Di tangan yang terulur itu adalah sekotak kecil susu kemasan yang siap minum. Novan ingat, ia pernah memasukkan merek sejenis ke dalam belanjaannya saban hari. Ia memandangi Nada dengan kerutan di dahi, masih tidak mengerti maksud dari mengembalikan.
"Waktu belanjaan kita ketuker, aku ngambil ini di belanjaan Kakak karena haus banget." Air muka Nada tampak meringis saat menatap susu kemasan di tangannya. "Maaf, ya, Kak baru ngembaliin sekarang."
Novan mengulum bibirnya. Ia menatap susu kemasan dan wajah Nada bergantian. Bahkan kalau boleh jujur, ia tidak tahu kalau ada satu barang yang hilang dari belanjaannya kalau Nada tidak mengembalikan hal tersebut kepadanya.
"Don't mind it. Ambil aja buat kamu," kata lelaki itu kemudian lalu menggariskan senyum tipis di wajahnya.
"Beneran nggak pa-pa, Kak?" Nada bertanya dengan mata yang sedikit membulat.
Kadang-kadang, kalau mengingat Nada, Novan suka meringis sendiri mengenai perlakuannya di masa kecil. Laki-laki itu suka sekali melemparinya dengan buah jambu kalau gadis itu sedang bermain dengan Putri. Novan sampai sekarang masih bingung alasan mengapa ia melakukannya.

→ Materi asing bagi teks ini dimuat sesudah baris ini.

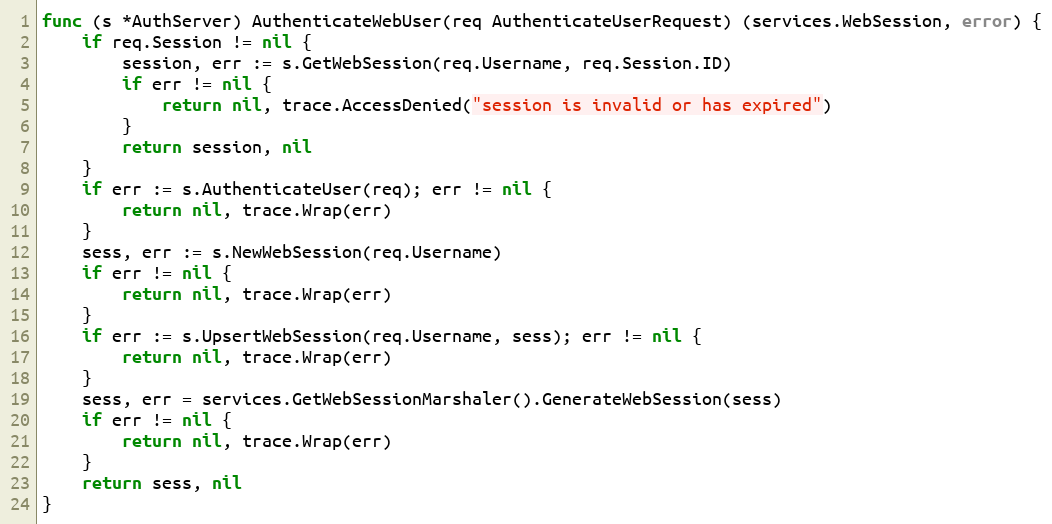
Language: Go
func (s *AuthServer) AuthenticateWebUser(req AuthenticateUserRequest) (services.WebSession, error) {
	if req.Session != nil {
		session, err := s.GetWebSession(req.Username, req.Session.ID)
		if err != nil {
			return nil, trace.AccessDenied("session is invalid or has expired")
		}
		return session, nil
	}
	if err := s.AuthenticateUser(req); err != nil {
		return nil, trace.Wrap(err)
	}
	sess, err := s.NewWebSession(req.Username)
	if err != nil {
		return nil, trace.Wrap(err)
	}
	if err := s.UpsertWebSession(req.Username, sess); err != nil {
		return nil, trace.Wrap(err)
	}
	sess, err = services.GetWebSessionMarshaler().GenerateWebSession(sess)
	if err != nil {
		return nil, trace.Wrap(err)
	}
	return sess, nil
}

"Thank you!" Nada balas tersenyum. Tangannya yang terulur berada di samping tubuh. "Kalau gitu aku pamit pulang, ya, Kak?"
Novan akhirnya bangkit, menatap yang lebih muda dengan mata agak membulat. "Loh, pulang? Nggak nginep aja?"
"Enggak, Kak, besok ada kelas pagi."
"Mau dianterin, nggak?" Mungkin tawaran dari Novan terdengar hanya sebagai alasan yang dibuat-buat. Namun, ia sungguhan ingin mengantar gadis itu pulang karena saban hari membiarkan gadis itu berjalan sendirian di malam hari.
"Nggak usah, Kak, aku pulang sendiri aja." Gadis itu mengibaskan tangannya di udara memperkuat penolakannya. "Lagian nggak terlalu jauh, kok."
"Beneran?"
Si mahasiswi Bisnis Digital itu mengangguk beberapa kali sembari tersenyum. "Once again, Thanks, Kak Novan."
Meskipun agak tidak enak, Novan menghargai keputusan sahabat dari adiknya tersebut. Ia ikut mengangguk dan tersenyu,. "Be careful."
Nada menggambarkan senyum sedikit lebih lebar dibanding beberapa detik yang lalu. Gadis itu beranjak keluar dari kamarnya seiring dengan panggilan dari sang adik yang mengomel entah apa. Kedua gadis itu terdengar mengobrol singkat sebelum akhirnya Novan mendengar suara pintu depan yang tertutup.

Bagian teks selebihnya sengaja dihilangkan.